New tool allows for gene suppression in mouse heart muscle cells using CRISPRi

An innovative tool for the targeted modification of gene activity in heart muscle cells could establish itself as a standard method for research into cardiovascular diseases.

Dr. Patrick Laurette and his colleagues at the German Center for Cardiovascular Research (DZHK), led by Prof. Ralf Gilsbach, have successfully reduced the activity of individual genes in mouse heart muscle cells using the CRISPRi system.

This technology allows for the temporary suppression of gene expression without altering the genetic sequence. It thus avoids the potential risks associated with direct intervention in the genome. The study is published in Circulation Research.

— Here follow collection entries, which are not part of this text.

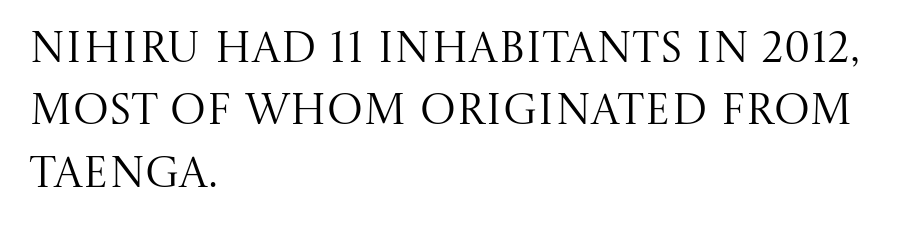
Q: Is the text bold? A: No.
Q: Is the text italic (slanted)? A: No, it is upright.
Q: Is the typeface a serif or a sans-serif typeface? A: Serif.
Q: Is the text underlined? A: No.
Q: How is the paragraph aligned? A: Left-aligned.
Q: Is the spacing between letters normal or unusually wide? A: Normal.
Q: Is the spacing between lines tight, normal or loose? A: Normal.
Q: Width (condensed, normal, or wide)? A: Normal.
Q: Stroke contrast? A: Medium.
Q: x-height? A: Large.
Q: Monospaced? A: No.
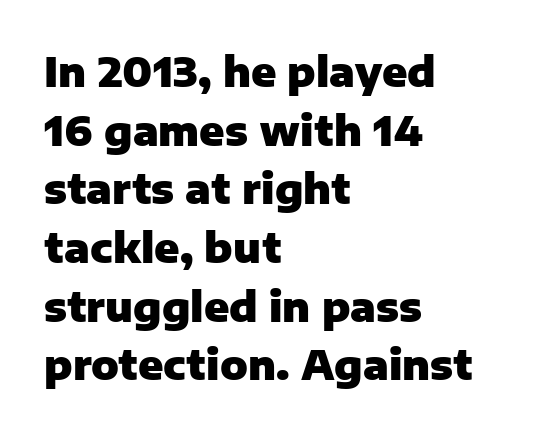
Character widths vary here, with narrow letters taking less room than wide ones. Plain, unruled lines of type. The letters sit at their default tracking, neither squeezed nor spread. How would I describe the line gaps? Plain and ordinary.
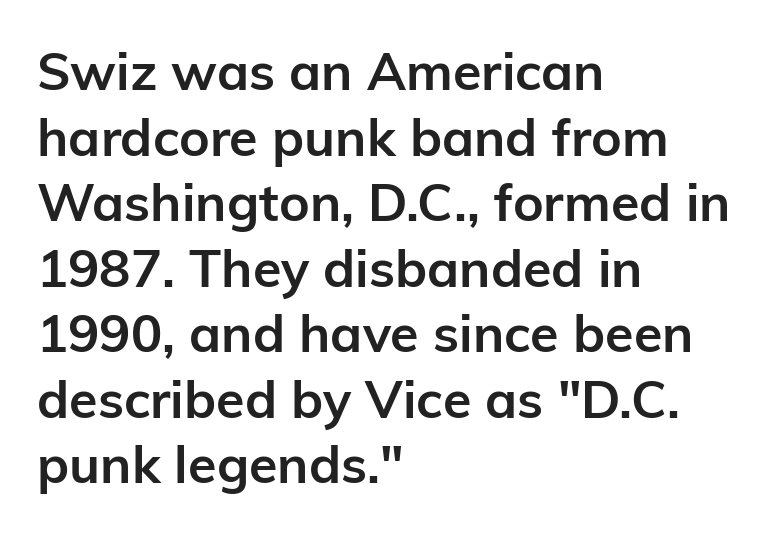
{"serif": "no", "italic": "no", "bold": "yes", "weight": "semibold", "width": "normal", "stroke_contrast": "low", "x_height": "medium", "monospaced": "no", "underline": "no", "align": "left", "line_spacing": "normal", "line_spacing_ratio": 1.26, "letter_spacing": "normal", "letter_spacing_em": 0.0, "glyph_px": 52}

CRISPRi is based on the CRISPR-Cas genome editing system but lacks the ability to cut DNA, a so-called "dead CAS" (dCAS) and is fused to a KRAB repressor domain. Using a short RNA as a molecular guide dCas9 can bind to specific DNA sequences. As a result, the target region in the genome is epigenetically silenced, and a gene can no longer be read. This blockade is called "epigenetic silencing."

To introduce the CRISPRi system into the heart muscle cells of mice, the researchers used adeno-associated viruses (AAV), which do not integrate into the genome. One challenge was to package the entire system into the limited genomic capacity of the AAVs. The researchers succeeded in doing this by using a particularly small dCAS. Although other viral vectors have more capacity in this respect, they cannot efficiently reach heart muscle cells or integrate into the genome.

Effective blockade in the heart muscle

Dr. Patrick Laurette and his colleagues at Heidelberg University Hospital demonstrated how well epigenetic silencing with the AAV-CRISPRi system works in heart cells for several genes and enhancers. The activity of some genes decreased by up to 95 percent. Enhancers are regulatory elements that can fine-tune gene expression from distant genomic regions.

"The complexity of the mammalian organism is the result of around 1 million regulatory elements. There are between 50,000 and 100,000 of these enhancers in heart muscle cells alone," says Prof. Ralf Gilsbach. They are now focusing on modulating these regulatory elements using their new method to treat diseases such as heart failure or cardiac arrhythmia.

Translational perspective

Gilsbach emphasizes the translational significance of this approach, which makes it possible to specifically influence gene expression in vivo without changing the DNA sequence. The method is also titratable, meaning it can be regulated and its effect can be reversed. Compared to other methods, such as genetic knock-out, in which genes are destroyed, the AAV-CRISPRi system offers a more precise imitation of natural regulatory mechanisms.

Methodically optimized and further developed, the procedure could also be used for human therapy in the long term. "I am convinced that this approach has translational significance, even if it is difficult to predict how quickly development will continue here," says Gilsbach.

There are already numerous companies that are considering AAVs to deliver CRISPR components for therapies. Among other things, they are working on avoiding unwanted antibody reactions. This is because humans have antibodies against AAV and often also against the CRISPR protein derived from bacteria.